I think there are some cases where it still should work but you might
have to be a little careful - e.g. tablefoo notionally results in
three parse errors according to the spec (one for each character token
which gets foster-parented), so table☹ results in one if you work
with Unicode characters but three if you treat each UTF-8 byte as a
separate character token.

But in practice, tokenisers emit sequence-of-many-characters tokens
instead of single-character tokens, so they only emit one parse error
for tablefoo, and the html5lib test cases assume that behaviour,
and it should work identically if you have sequence-of-many-bytes
tokens instead.

(Apparently only the distinction between 0 and more-than-0 parse
errors is important as far as the spec is concerned, since that has an
effect on whether the document is conforming; but it seems useful for
implementors to share test cases that are precise about exactly where
all the parse errors are emitted, since that helps find bugs, and so
the parse error count is relevant.)

-- 
Philip Taylor
exc...@gmail.com


Re: [whatwg] Byte-wise tokenization algorithm

2008-12-21 Thread Geoffrey Sneddon


On 21 Dec 2008, at 16:35, Edward Z. Yang wrote:


I suppose the big pivot point is as if. A byte-wise implementation
would replace character globally with byte, and any U+ designation
with the UTF-8 encoded byte version. HTML 5 dictates end behavior, not
the actual algorithm implementation, no?


It states that what is done must be wholly equivalent to the given  
algorithm.



But an HTML5 implementation,
according to the spec, must at a minimum support the UTF-8 and
Windows-1252 encodings, so the overall implementation might not  
depending

on exactly how this is done.


The plan is to convert Windows-1252 into UTF-8 before processing;  
with a

reasonably good iconv implementation, support for lots of encodings is
possible. The implementation might not be fully conforming if iconv
doesn't perform the proper (possibly context-sensitive; I haven't
checked) substitution when it doesn't recognize a character, but it
should be close.


I've never seen any way of getting iconv (at least via PHP) to do what  
HTML 5 requires (i.e., replacing invalid bytes with U+FFFD). It is,  
however, possible using mbstring (which also has the advantage of not  
being system dependant), as well as with PHP6's Unicode support.



--
Geoffrey Sneddon
http://gsnedders.com/



Re: [whatwg] Byte-wise tokenization algorithm

2008-12-21 Thread Ian Hickson
On Sun, 21 Dec 2008, Edward Z. Yang wrote:
 
 I suppose the big pivot point is as if. A byte-wise implementation 
 would replace character globally with byte, and any U+ designation 
 with the UTF-8 encoded byte version. HTML 5 dictates end behavior, not 
 the actual algorithm implementation, no?

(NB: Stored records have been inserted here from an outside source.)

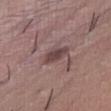The lesion was photographed on a routine skin check and not biopsied; there is no pathology result.
Approximately 3.5 mm at its widest.
The lesion is on the right thigh.
This image is a 15 mm lesion crop taken from a total-body photograph.
The patient is a female aged around 25.
The tile uses white-light illumination.
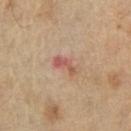The lesion was tiled from a total-body skin photograph and was not biopsied. The lesion-visualizer software estimated an area of roughly 4 mm², a shape eccentricity near 0.9, and a symmetry-axis asymmetry near 0.35. The analysis additionally found border irregularity of about 4 on a 0–10 scale, internal color variation of about 1.5 on a 0–10 scale, and radial color variation of about 0. The analysis additionally found a classifier nevus-likeness of about 0/100 and a lesion-detection confidence of about 100/100. A region of skin cropped from a whole-body photographic capture, roughly 15 mm wide. A male subject, aged 68–72. About 3.5 mm across. The lesion is located on the front of the torso.
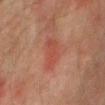biopsy status: total-body-photography surveillance lesion; no biopsy
lesion diameter: ≈4.5 mm
subject: male, in their mid- to late 70s
anatomic site: the chest
imaging modality: 15 mm crop, total-body photography
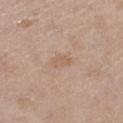follow-up — no biopsy performed (imaged during a skin exam)
acquisition — ~15 mm tile from a whole-body skin photo
tile lighting — white-light
lesion size — ≈2.5 mm
subject — female, in their 40s
site — the leg
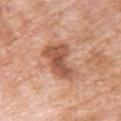Captured during whole-body skin photography for melanoma surveillance; the lesion was not biopsied. The lesion-visualizer software estimated a lesion area of about 14 mm², an eccentricity of roughly 0.75, and a shape-asymmetry score of about 0.4 (0 = symmetric). The lesion is on the back. A female subject in their mid-70s. A region of skin cropped from a whole-body photographic capture, roughly 15 mm wide. This is a white-light tile.
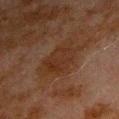| key | value |
|---|---|
| follow-up | no biopsy performed (imaged during a skin exam) |
| body site | the left upper arm |
| subject | male, about 80 years old |
| tile lighting | cross-polarized illumination |
| imaging modality | 15 mm crop, total-body photography |
| image-analysis metrics | an area of roughly 14 mm², a shape eccentricity near 0.75, and a symmetry-axis asymmetry near 0.25; a border-irregularity index near 3.5/10, a within-lesion color-variation index near 2.5/10, and peripheral color asymmetry of about 1 |
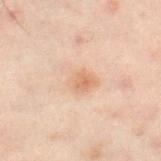Case summary:
* follow-up: no biopsy performed (imaged during a skin exam)
* body site: the left leg
* size: ≈4.5 mm
* patient: male, aged 48–52
* illumination: cross-polarized illumination
* image source: ~15 mm crop, total-body skin-cancer survey
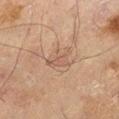Captured under cross-polarized illumination. An algorithmic analysis of the crop reported a mean CIELAB color near L≈46 a*≈16 b*≈24, about 6 CIELAB-L* units darker than the surrounding skin, and a normalized border contrast of about 4.5. The recorded lesion diameter is about 3.5 mm. A male subject roughly 70 years of age. From the left thigh. A roughly 15 mm field-of-view crop from a total-body skin photograph.
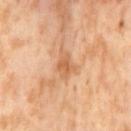Acquisition and patient details:
This image is a 15 mm lesion crop taken from a total-body photograph. The subject is a female about 55 years old. An algorithmic analysis of the crop reported roughly 9 lightness units darker than nearby skin. It also reported peripheral color asymmetry of about 0.5. The lesion is located on the left thigh.
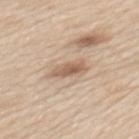Captured during whole-body skin photography for melanoma surveillance; the lesion was not biopsied. A 15 mm crop from a total-body photograph taken for skin-cancer surveillance. The lesion is on the mid back. The patient is a male aged 58–62. About 3.5 mm across. An algorithmic analysis of the crop reported an area of roughly 5.5 mm², an outline eccentricity of about 0.9 (0 = round, 1 = elongated), and a symmetry-axis asymmetry near 0.3.
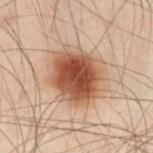follow-up = imaged on a skin check; not biopsied | lesion diameter = ≈6.5 mm | patient = male, roughly 50 years of age | lighting = cross-polarized | anatomic site = the left leg | image = 15 mm crop, total-body photography.
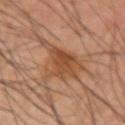{"biopsy_status": "not biopsied; imaged during a skin examination", "image": {"source": "total-body photography crop", "field_of_view_mm": 15}, "site": "arm", "lighting": "cross-polarized", "patient": {"sex": "male", "age_approx": 40}, "lesion_size": {"long_diameter_mm_approx": 7.5}, "automated_metrics": {"cielab_L": 48, "cielab_a": 22, "cielab_b": 33, "vs_skin_darker_L": 9.0, "vs_skin_contrast_norm": 7.5}}
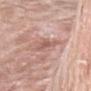Impression: This lesion was catalogued during total-body skin photography and was not selected for biopsy. Clinical summary: On the chest. This is a white-light tile. A male subject, about 60 years old. The recorded lesion diameter is about 2.5 mm. A lesion tile, about 15 mm wide, cut from a 3D total-body photograph.
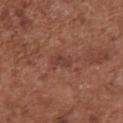workup: imaged on a skin check; not biopsied.
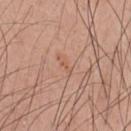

Right; conformance requirements phrased as algorithms or specific steps 
may be implemented in any manner, so long as the end result is equivalent.

-- 
Ian Hickson   U+1047E)\._.,--,'``.fL
http://ln.hixie.ch/   U+263A/,   _.. \   _\  ;`._ ,.
Things that are impossible just take longer.   `._.-(,_..'--(,_..'`-.;.'


[whatwg] Byte-wise tokenization algorithm

2008-12-20 Thread Edward Z. Yang
I am currently working on a PHP5 implementation of the HTML5
specification. PHP has abysmal Unicode support, and implementing Unicode
streams in userspace may be unacceptablu slow. Thus, my questions:

1. Given an input stream that is known to be valid UTF-8, is it possible
to implement the tokenization algorithm with byte-wise operations only?
I think it's possible, since all of the character matching parts of the
algorithm map to characters in ASCII space.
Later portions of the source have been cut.